# How to make a document "Open With" my app



## konan (Jul 28, 2003)

I have a creator code and have added the following bit to rez file...

#include "Types.r"

type 'xxxx'
{
  pstring;
};

resource 'xxxx' (0, "Owner Resource")
{
  "Software© 2003"
};
resource 'BNDL' (128, purgeable) {
   'xxxx',
   0,
   {
}
};

where 'xxxx' denotes my creator code. Then I assign the creator code to any file I output. If I right click on a newly created file, it shows that the file as created with my application (this is good).

Now, how do I instruct that file to automatically be opened with my application? As it is now, it is being automatically associated with another, completely unrelated program by default.

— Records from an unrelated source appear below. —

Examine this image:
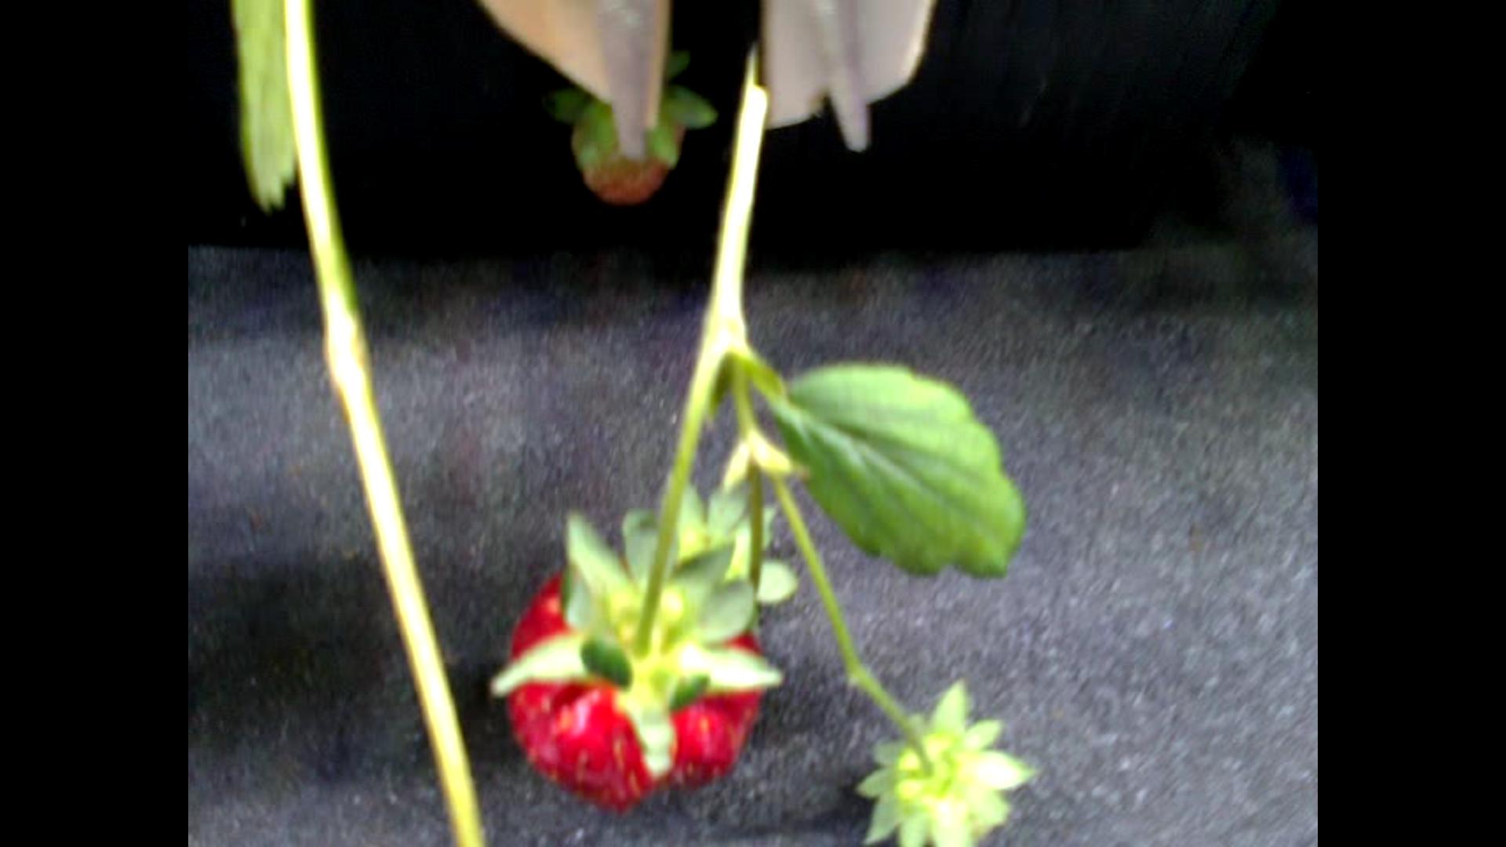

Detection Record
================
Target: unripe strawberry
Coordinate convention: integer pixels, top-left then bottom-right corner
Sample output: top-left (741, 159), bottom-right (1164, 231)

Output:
top-left (565, 70), bottom-right (685, 207)
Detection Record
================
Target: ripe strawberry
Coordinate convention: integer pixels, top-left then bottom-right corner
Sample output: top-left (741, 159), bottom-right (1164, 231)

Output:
top-left (433, 573), bottom-right (788, 847)
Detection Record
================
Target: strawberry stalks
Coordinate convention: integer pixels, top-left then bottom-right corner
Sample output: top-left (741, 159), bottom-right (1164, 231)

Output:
top-left (833, 602), bottom-right (925, 774)
top-left (606, 348), bottom-right (714, 703)

Any help would be most appreciated,
Konan


----------



## bobw (Jul 28, 2003)

Command-I
Open with
Change All


----------



## konan (Jul 28, 2003)

Now, how would I do that automatically through my application? I would prefer that the user not have to do that manually. Any suggestions?

Konan


----------



## slur (Aug 5, 2003)

What is the type of file your program makes? You cannot forcibly take over the default opener for file types which already have a handler. However, if your file is unique you could give it a unique type and extension that no other programs understand.

That said, if you're setting the file's creator to your program's creator code, and that creator code is unique to your program, then it should open in your program by default.


----------